Assignment: Starting from the line in which "#3592 = ORIENTED_EDGE" appears, output every line down to the last line of the data below, exactly and without anything more.

Data in this exercise:
####

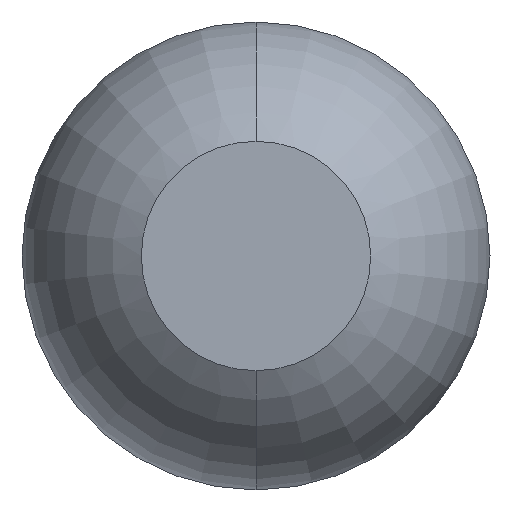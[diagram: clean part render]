
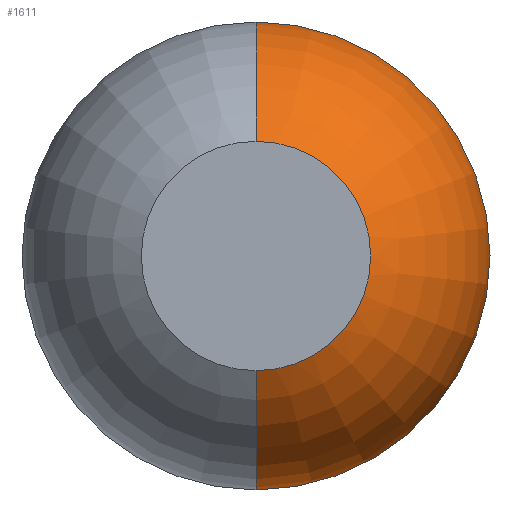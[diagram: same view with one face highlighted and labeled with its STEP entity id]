
A CAD part, front view. The second image highlights one B-rep face of the part: STEP entity #1611.
In plain terms, the highlighted toroidal (fillet/blend) face has major radius 0.01 mm and minor radius 0.5 mm.
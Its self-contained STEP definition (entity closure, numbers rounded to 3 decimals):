
#44 = VERTEX_POINT ( 'NONE', #1494 ) ;
#54 = DIRECTION ( 'NONE',  ( -1., 0., 0. ) ) ;
#374 = DIRECTION ( 'NONE',  ( 0., 0., 1. ) ) ;
#391 = EDGE_LOOP ( 'NONE', ( #3767, #479, #495, #3592 ) ) ;
#399 = CARTESIAN_POINT ( 'NONE',  ( 0., -27.4, 0.25 ) ) ;
#416 = DIRECTION ( 'NONE',  ( 0., 0., -1. ) ) ;
#428 = CIRCLE ( 'NONE', #582, 0.5 ) ;
#449 = VERTEX_POINT ( 'NONE', #399 ) ;
#479 = ORIENTED_EDGE ( 'NONE', *, *, #1228, .T. ) ;
#495 = ORIENTED_EDGE ( 'NONE', *, *, #2750, .F. ) ;
#540 = EDGE_CURVE ( 'Defeature ausgef�hrt1_17+Defeature ausgef�hrt1_5+Defeature ausgef�hrt1_5+Defeature ausgef�hrt1_5', #1934, #449, #594, .T. ) ;
#582 = AXIS2_PLACEMENT_3D ( 'NONE', #3705, #1779, #1021 ) ;
#594 = CIRCLE ( 'NONE', #871, 0.25 ) ;
#606 = DIRECTION ( 'NONE',  ( 0., 0., 1. ) ) ;
#871 = AXIS2_PLACEMENT_3D ( 'NONE', #3050, #984, #416 ) ;
#923 = DIRECTION ( 'NONE',  ( 0., 1., 0. ) ) ;
#984 = DIRECTION ( 'NONE',  ( 0., -1., 0. ) ) ;
#1021 = DIRECTION ( 'NONE',  ( 0., 0., -1. ) ) ;
#1210 = CARTESIAN_POINT ( 'NONE',  ( 0., -26.961, 0.01 ) ) ;
#1228 = EDGE_CURVE ( 'NONE', #1934, #44, #428, .T. ) ;
#1266 = CARTESIAN_POINT ( 'NONE',  ( 0., -26.961, 0. ) ) ;
#1313 = CIRCLE ( 'NONE', #2181, 0.51 ) ;
#1494 = CARTESIAN_POINT ( 'NONE',  ( 0., -26.961, -0.51 ) ) ;
#1545 = CARTESIAN_POINT ( 'NONE',  ( 0., -27.4, -0.25 ) ) ;
#1611 = ADVANCED_FACE ( 'Defeature ausgef�hrt1_5', ( #3544 ), #2543, .T. ) ;
#1779 = DIRECTION ( 'NONE',  ( 1., 0., 0. ) ) ;
#1801 = DIRECTION ( 'NONE',  ( 0., 1., 0. ) ) ;
#1802 = CARTESIAN_POINT ( 'NONE',  ( 0., -26.961, 0. ) ) ;
#1934 = VERTEX_POINT ( 'NONE', #1545 ) ;
#2181 = AXIS2_PLACEMENT_3D ( 'NONE', #1266, #1801, #374 ) ;
#2311 = AXIS2_PLACEMENT_3D ( 'NONE', #1802, #923, #3541 ) ;
#2543 = TOROIDAL_SURFACE ( 'NONE', #2311, 0.01, 0.5 ) ;
#2588 = CIRCLE ( 'NONE', #3434, 0.5 ) ;
#2750 = EDGE_CURVE ( 'Defeature ausgef�hrt1_6+Defeature ausgef�hrt1_5+Defeature ausgef�hrt1_5+Defeature ausgef�hrt1_5', #3374, #44, #1313, .T. ) ;
#2976 = CARTESIAN_POINT ( 'NONE',  ( 0., -26.961, 0.51 ) ) ;
#3050 = CARTESIAN_POINT ( 'NONE',  ( 0., -27.4, 0. ) ) ;
#3286 = EDGE_CURVE ( 'NONE', #449, #3374, #2588, .T. ) ;
#3374 = VERTEX_POINT ( 'NONE', #2976 ) ;
#3434 = AXIS2_PLACEMENT_3D ( 'NONE', #1210, #54, #606 ) ;
#3541 = DIRECTION ( 'NONE',  ( 0., 0., 1. ) ) ;
#3544 = FACE_OUTER_BOUND ( 'NONE', #391, .T. ) ;
#3592 = ORIENTED_EDGE ( 'NONE', *, *, #3286, .F. ) ;
#3705 = CARTESIAN_POINT ( 'NONE',  ( 0., -26.961, -0.01 ) ) ;
#3767 = ORIENTED_EDGE ( 'NONE', *, *, #540, .F. ) ;

####

Answer for the task:
#3592 = ORIENTED_EDGE ( 'NONE', *, *, #3286, .F. ) ;
#3705 = CARTESIAN_POINT ( 'NONE',  ( 0., -26.961, -0.01 ) ) ;
#3767 = ORIENTED_EDGE ( 'NONE', *, *, #540, .F. ) ;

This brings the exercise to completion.